Why can't programs be proven?

Question

Why can\'t a computer program be proven just as a mathematical statement can? A mathematical proof is built up on other proofs, which are built up from yet more proofs and

Answer 1

The halting problem only shows that there are programs that cannot be verified. A much more interesting and more practical question is what class of programs can be formally verified. Maybe every program anyone cares about could (in theory) be verified. In practice, so far, only very small programs have been proven correct.

Answer 2

Just a small comment to those who brought up incompleteness -- it is not the case for all axiomatic systems, only sufficiently powerful ones.

In other words, Godel proved that an axiomatic system powerful enough to describe itself would necessarily be incomplete. This doesn't mean it would be useless however, and as others have linked to, various attempts at program proofs have been made.

The dual problem (writing programs to check proofs) is also very interesting.

Answer 3

Of course they can, as others have posted.

Proving a very small subroutine correct is a good exercise that IMHO every undergraduate in a programming-related degree program ought to be required to do. It gives you great insight into thinking about how to make your code clear, easily reviewable and maintainable.

However, in the real world it is of limited practical use.

First, just as programs have bugs, so do mathematical proofs. How do prove that a mathematical proof is really correct and doesn't have any errors? You can't. And for counter-example, any number of published mathematical proofs have had errors discovered in them, sometimes years later.

Second, you can't prove that a program is correct without having 'a priori' an unambiguous definition of what the program is supposed to do. But any unambiguous definition of what a program is supposed to do is a program. (Although it may be a program in some sort of specification language that you don't have a compiler for.) Therefore, before you can prove that a program is correct, you must first have another program that is equivalent and is known in advance to be correct. So QED the whole thing is futile.

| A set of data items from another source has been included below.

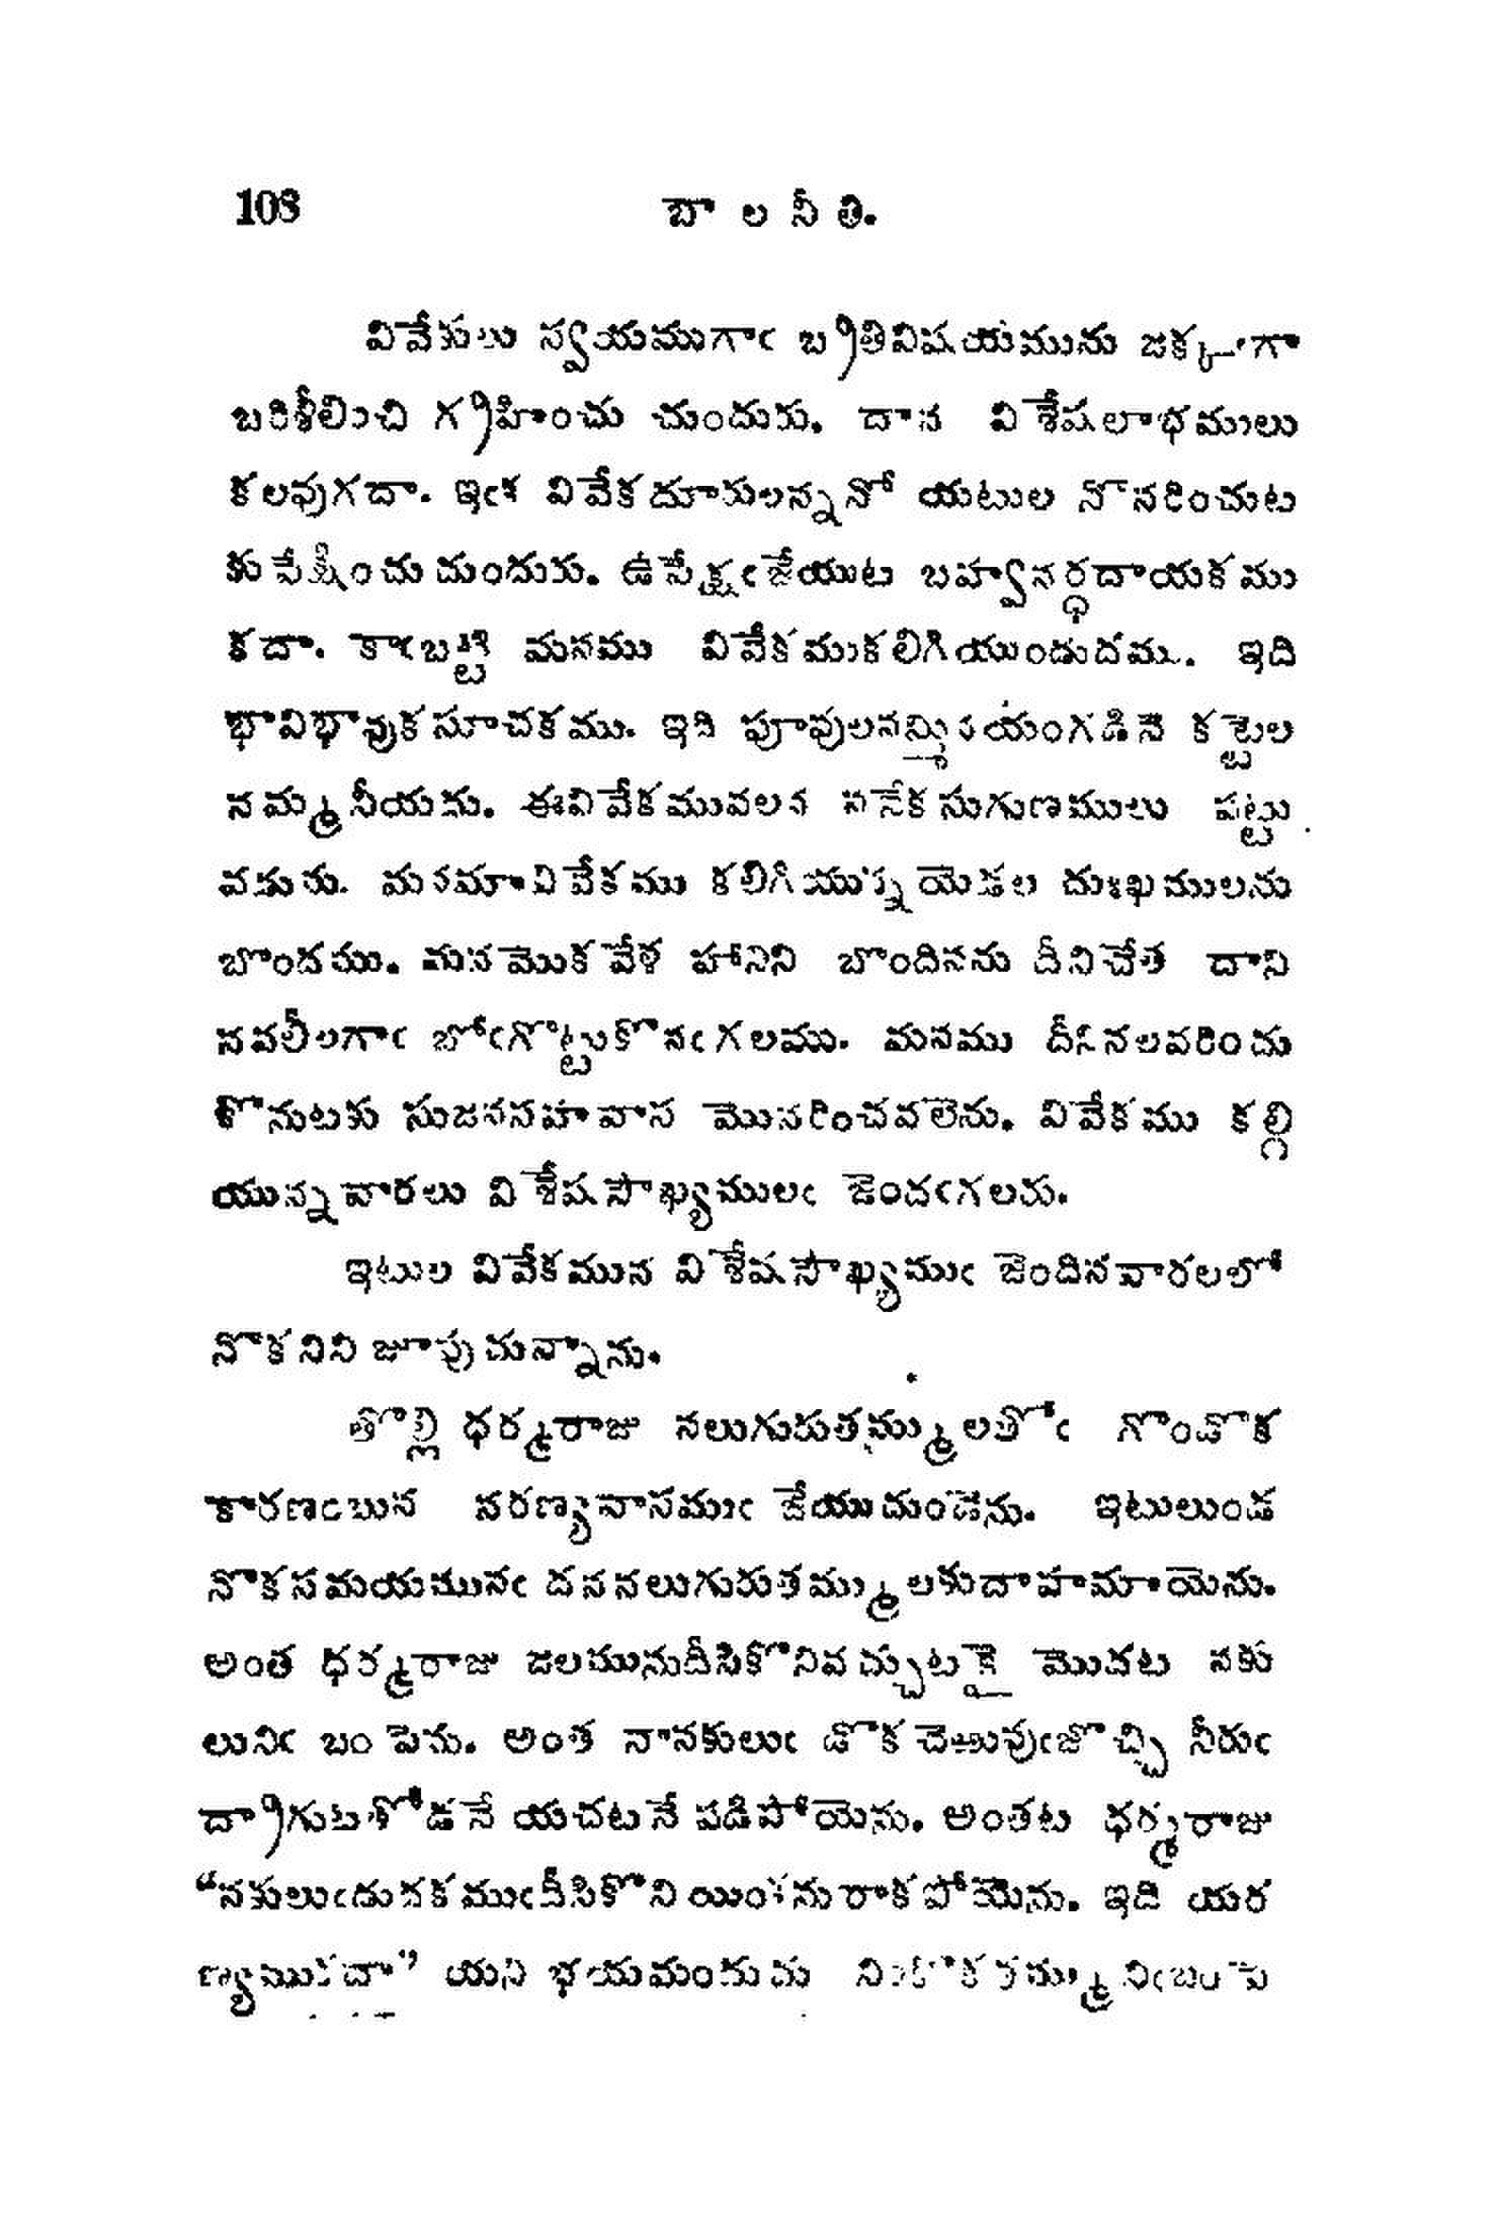వివేకులు స్వయముగాఁ బ్రతివిషయమును జక్కఁగా 
బరిశీలిచి గ్రహించు చుందురు. దాన విశేషలాభములు 
కలవుగదా. ఇఁక వివేకదూరులన్ననో యటుల నొనరించుట
కుపేక్షించుచుందురు. ఉపేక్షఁజేయుట బహ్వనర్ధదాయకము
కదా. కాఁబట్టి మనము వివేకముకలిగియుండుదము. ఇది 
భావిభావుకసూచకము. ఇది పూవులనమ్మినయంగడినె కట్టెల
నమ్మనీయదు. ఈవివేకమువలన ననేకసుగుణములు పట్టు
వడును. మనమావివేకము కలిగియున్నయెడల దుఃఖములను 
బొందము. మనమొకవేళ హానిని బొందినను దీనిచేత దాని
నవలీలగాఁ బోఁగొట్టుకొనఁగలము. మనము దీనినలవరించు
కొనుటకు సుజనసహవాస మొనరించవలెను. వివేకము కల్గి
యున్నవారలు విశేషసౌఖ్యములఁ జెందగలరు.

ఇటుల వివేకమున విశేషసౌఖ్యముఁ జెందినవారలలో 
నొకనిని జూపుచున్నాను.

తొల్లి ధర్మరాజు నలుగురుతమ్ములతోఁ గొండొక 
కారణంబున నరణ్యవాసముఁ జేయుచుండెను. ఇటులుండ 
నొకసమయమునఁ దననలుగురుతమ్ములకు దాహమాయెను. 
అంత ధర్మరాజు జలమునుదీసికొనివచ్చుటకై మొదట నకు
లునిఁ బంపెను. అంత నానకులుఁ డొకచెఱువుఁజొచ్చి నీరుఁ 
ద్రాగుటతోడనే యచటనే పడిపోయెను. అంతట ధర్మరాజు 
"నకులుఁడుదకముఁదీసికొని యింకనురాకపోయెను. ఇది యర
ణ్యముకదా" యని భయమందుచు నింకొకతమ్మునిఁబంపె

I would recommend tracking down the classic "No Silver Bullet" article by Brooks.

Answer 4

I read a bit about this, but there are two problems.

First, you can't prove some abstract thing called correctness. You can, if things are set up properly, prove that two formal systems are equivalent. You can prove that a program implements a set of specifications, and it's easiest to do this by constructing the proof and program more or less in parallel. Therefore, the specifications must be sufficiently detailed to provide something to prove against, and therefore the specification is effectively a program. The problem of writing a program to satisfy a purpose becomes the problem of writing a formal detailed specification of a program to satisfy a purpose, and that's not necessarily a step forward.

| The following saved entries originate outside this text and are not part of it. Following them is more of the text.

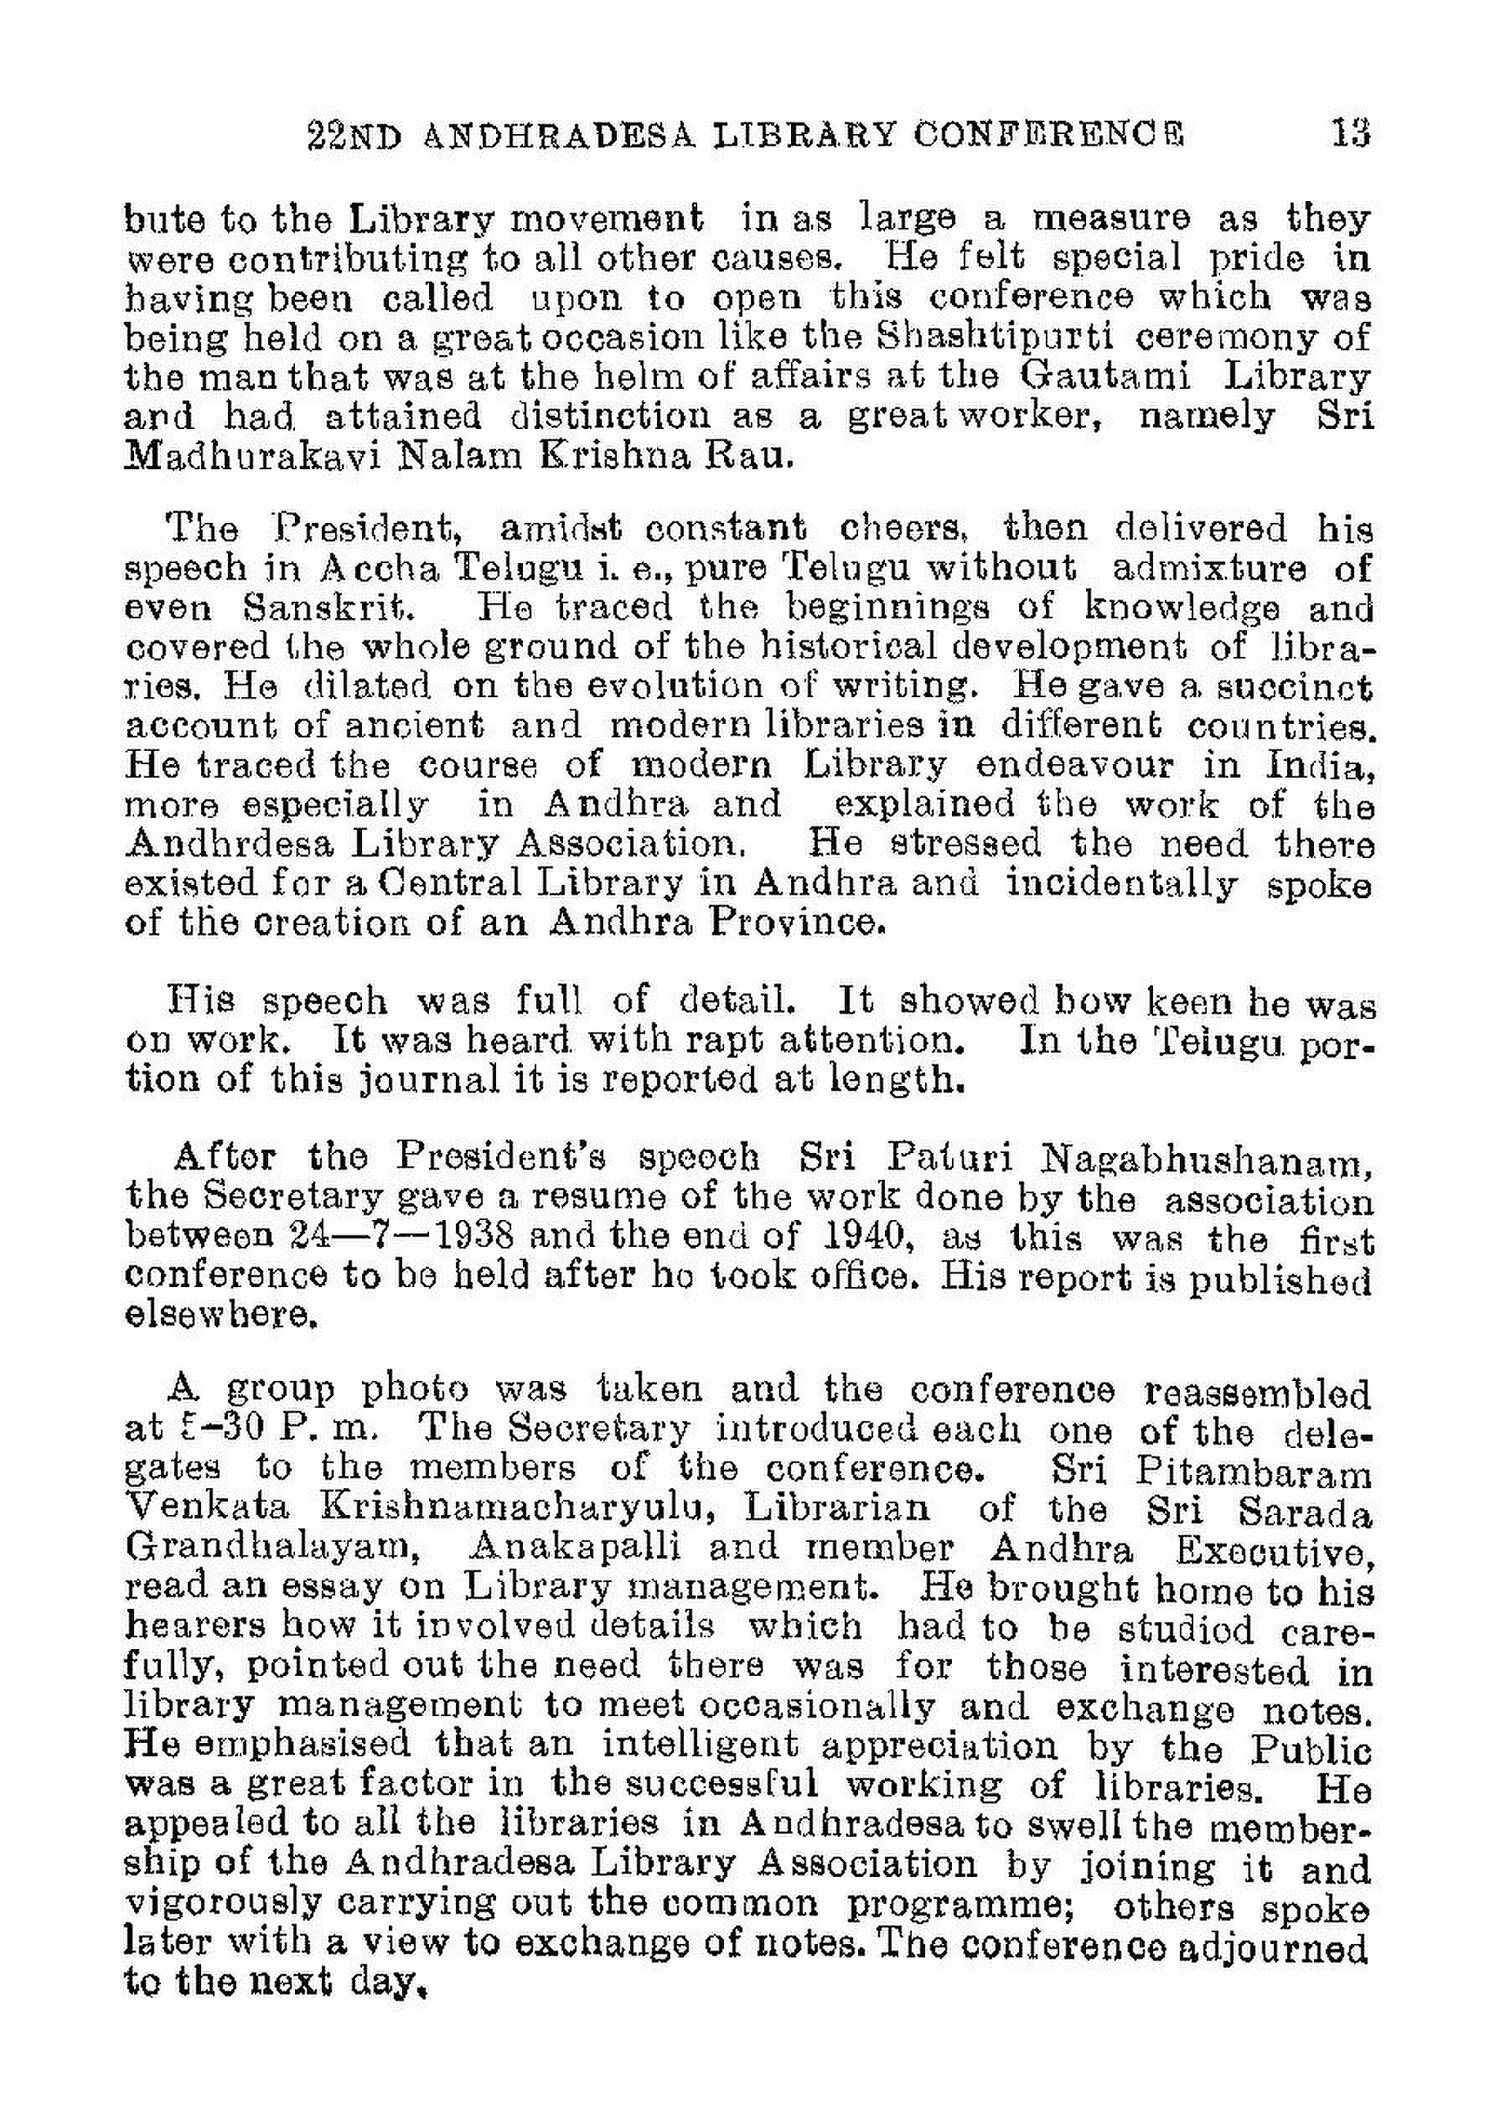bute to the Library movement in as large a measure as they were contributing to all other causes. He 
felt special pride in having been called upon to open this conference which was being held on a great 
occasion like the Shashtipurti ceremony of the man that was at the helm of affairs at the Gautami Library
and had attained distinction as a great worker, namely Sri Madhurakavi Nalam Krishna Rau.

The President, amidst constant cheers, then delivered his speech in Accha Telugu i.e., pure Telugu without admixture of even Sanskrit. He traced the beginnings of knowledge and covered the whole ground of the 
historical development of libraries. He dilated on the evolution of writing. He gave a succinct account 
of ancient and modern libraries in different countries. He traced the course of modern Library endeavor 
in India, more especially in Andhra and explained the work of the Andhrdesa Library Association. He 
stressed the need there existed for a Central Library in Andhra and incidentally spoke of the creation 
of an Andhra Province.

His speech was full of detail. It showed bow keen he was on work. It was heard with rapt attention.
In the Telugu portion of this journal it is reported at length. After the President's speech Sri Paturi Nagabhushanam, the Secretary gave a resume of the work done by the association between 24-7-1938 and the 
end of 1940, as this was the first conference to be held after ho took office. His report is published
elsewhere.

A group photo was taken and the conference reassembled at -30 P. m. The Secretary introduced each one 
of the delegates to the members of the conference. Sri Pitambaram Venkata Krishnamacharyulu, Librarian 
of the Sri Sarada Grandhalayam, Anakapalli and member Andhra Executive, read an essay on Library 
management. He brought home to his hearers how it involved details which had to be studied carefully, 
pointed out the need there was for those interested in library management to meet occasionally and 
exchange notes. He emphasized that an intelligent appreciation by the Public was a great factor in 
the successful working of libraries. He appealed to all the libraries in Andhradesa to swell the 
membership of the Andhradesa Library Association by joining it and vigorously carrying out the common 
programme; others spoke later with a view to exchange of notes. The conference adjourned to the 
next day.

Second, programs are complicated. So are proofs of correctness. If you can make a mistake writing a program, you sure can make one proving. Dijkstra and Gries told me, essentially, that if I was a perfect mathematician I could be a good programmer. The value here is that proving and programming are two somewhat different thought processes, and at least in my experience I make different sorts of mistakes.

In my experience, proving programs isn't useless. When I am trying to do something I can describe formally, proving the implementation correct eliminates a whole lot of hard-to-find errors, primarily leaving the dumb ones, which I can catch easily in testing. On a project that must produce extremely bug-free code, it can be a useful adjunct. It isn't suitable for every application, and it's certainly no silver bullet.

Answer 5

Further, what are the axioms of programming? The very atomic truths of the field?

I've TA'ed a course called Contract Based Programming (course homepage: http://www.daimi.au.dk/KBP2/). Here what I can extrapolate from the course (and other courses I've taken)

You have to formally (mathematically) define the semantics of your language. Let's think of a simple programming language; one that has global variables only, ints, int arrays, arithmetic, if-then-else, while, assignment and do-nothing [you can probably use a subset of any mainstream language as an "implementation" of this].

An execution state would be a list of pairs (variable name, value of variable). Read "{Q1} S1 {Q2}" as "executing statement S1 takes you from execution state Q1 to state Q2".

One axiom would then be "if both {Q1} S1 {Q2} and {Q2} S2 {Q3}, then {Q1} S1; S2 {Q3}". That is, if statement S1 takes you from state Q1 to Q2, and statement S2 takes you from Q2 to Q3, then "S1; S2" (S1 followed by S2) takes you from state Q1 to state Q3.

Another axiom would be "if {Q1 && e != 0} S1 {Q2} and {Q1 && e == 0} S2 {Q2}, then {Q1} if e then S1 else S2 {Q2}".

Now, a bit of refinement: the Qn's in {}'s would actually be statements about states, not states themselves.

Suppose that M(out, A1, A2) is a statement which does a merging of two sorted arrays and stores the result in out, and that all the words I use in the next example were expressed formally (mathematically). Then "{sorted(A1) && sorted(A2)} A := M(A1, A2) {sorted(A) && permutationOf(A, A1 concatened with A2)}" is the claim tha M correctly implements the merge algorithm.

One can try to prove this by using the above axioms (a few others would probably be needed. You're likely to need a loop, for one).

I hope this illustrates a bit of what proving programs correct might look like. And trust me: it takes a lot of work, even for seemingly simple algorithms, to prove them correct. I know, I read a lot of attempts ;-)

[if you read this: your hand-in was fine, it's all the other ones that caused me headaches ;-)]

Answer 6

Let us assume a purely functional language (ie Haskell). Side effects can be taken quite cleanly into account in such languages.

Proving that a program produces the right result requires you to specify:

1. a correspondance between data types and mathematical sets
2. a correspondance between Haskell functions and mathematical functions
3. a set of axioms specifying what functions you are allowed to build from others, and the corresponding contruction on the mathematical side.

This set of specifications is called denotational semantics. They allow you to prove the reason about programs using mathematics.

The good news is that the "structure of programs" (point 3 above) and the "structure of mathematical sets" are quite similar (the buzzword is topos, or cartesian closed category), so 1/ the proofs you do on the math side will easily be transferred into programmatic constructions 2/ the programs you write are easily shown to be mathematically correct.